I'm given that $R(y)=p(y) * y$ where $p(y)$ and $R(y)$ are functions of $y$
In the question: I need the product rule to find the derivative of $p(y) \cdot y$
I know that the product rule is $\frac{d}{dx}(f(x)\cdot g(x)) = f'(x)g(x) + g'(x)f(x)$.
Would this then give me $p*y + p(y) * 0$?

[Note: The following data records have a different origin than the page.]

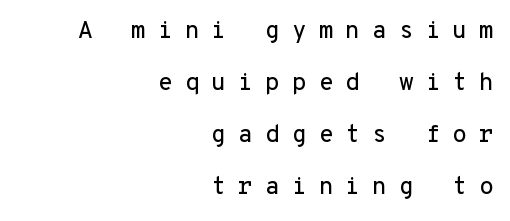
{"italic": "no", "underline": "no", "align": "right", "line_spacing": "loose", "line_spacing_ratio": 2.17, "letter_spacing": "wide", "letter_spacing_em": 0.5, "glyph_px": 24}
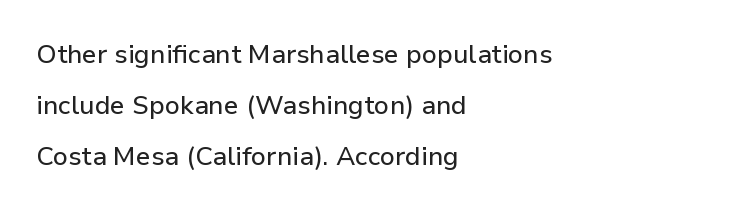
{"italic": "no", "underline": "no", "align": "left", "line_spacing": "loose", "line_spacing_ratio": 1.96, "letter_spacing": "normal", "letter_spacing_em": 0.0, "glyph_px": 26}
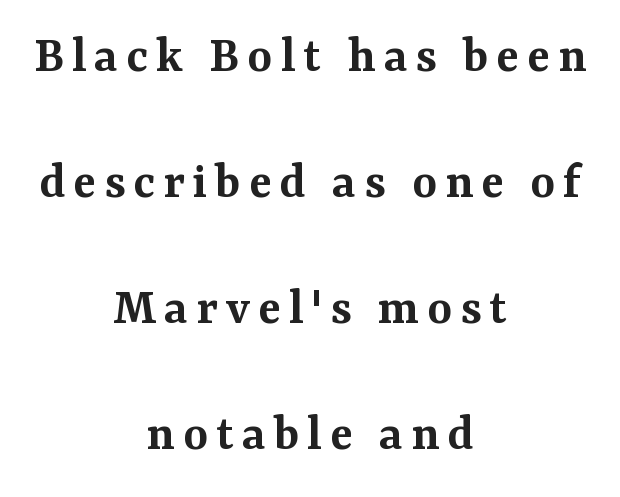
The image shows 53 px semibold serif type, upright; set centered, loose line spacing (2.38x), not underlined; medium stroke contrast and a medium x-height.

$$ \frac{d}{dy}(p(y)\cdot y) = p(y) \frac{d}{dy}(y) + y\frac{d}{dy}(p(x)) \\ \implies \frac{d}{dy}(p(y)\cdot y) = p(y) + y\cdot p'(y). $$
Two things you've mistaken:
$(1)$ The derivative of $y$ with respect to $y$ is $1$ and not $0$. If you define $f(y) = y$, then it is immediately obvious from the definition of a derivative:
$$ \frac{d}{dy}(f(y)) = \lim_{\delta y \to 0} \frac{f(y+\delta y) - f(y)}{\delta y} = \lim_{\delta y\to 0} \frac{y+\delta y-y}{\delta y} = 1. $$
$(2)$ The derivative of $p(y)$ would be denoted by $p'$ and not $p$.